In the short term, nucleotide data-resource development supported by DOE will take advantage of the specific expertise, facilities, and capacity developed at LANL during its long tenure as a leading U.S. site for nucleotide database development. Over time, DOE nucleotide data resources will undoubtedly evolve in accordance with the developing integrated infrastructure (a 'center without walls') and will be subjected to extensive peer review and competitive evaluation.

Historical Role of Los Alamos

In the 1970s, Walter Goad established the Los Alamos Sequence Database, a pioneering effort at LANL that in 1982 evolved into the GenBank project. LANL continued to expand and build the database in collaboration with the firm Bolt, Beranek, and Newman under funding provided by NIGMS and other federal agencies. In 1987 LANL continued to be the site of database design and maintenance, working with IntelliGenetics.
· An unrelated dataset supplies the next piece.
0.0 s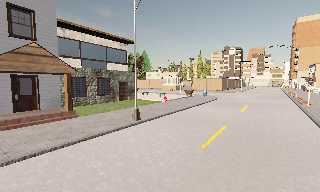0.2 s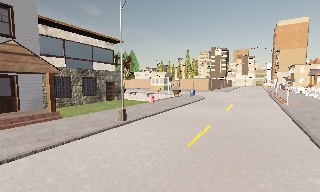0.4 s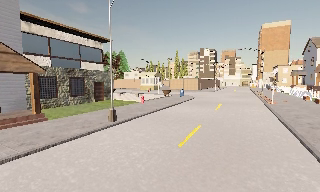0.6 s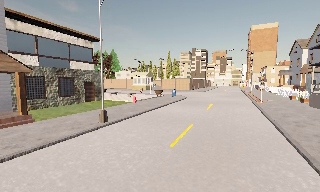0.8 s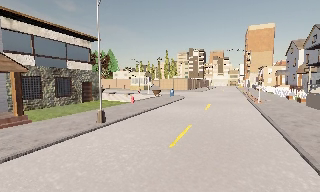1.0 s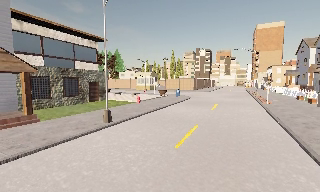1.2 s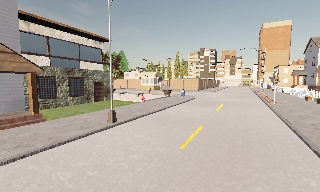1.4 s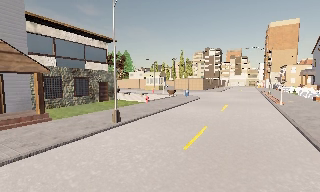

In 1992, NIH transferred its management control for the GenBank project from NIGMS to NCBI at the National Library of Medicine. At that time, DOE and NCBI entered into an Inter-Agency Agreement (IAA) so that LANL could provide assistance in processing direct submissions for NCBI. The IAA noted, 'For nine years, LANL has been responsible for the design and management of gene sequence data as part of the GenBank project. . . . In the most recent re-competition, all three proposals which were in the competitive range included LANL as a subcontract for the direct data submission component of the project. Thus, LANL was recognized not only for its past experience in establishing the procedures for collecting and managing biological data, but for its innovative approaches in handling data prior to or independent of the publication process.'

Now, NCBI has developed its own capacity for processing direct submissions, freeing LANL to develop new approaches, tools, and services targeted specifically for the genome community.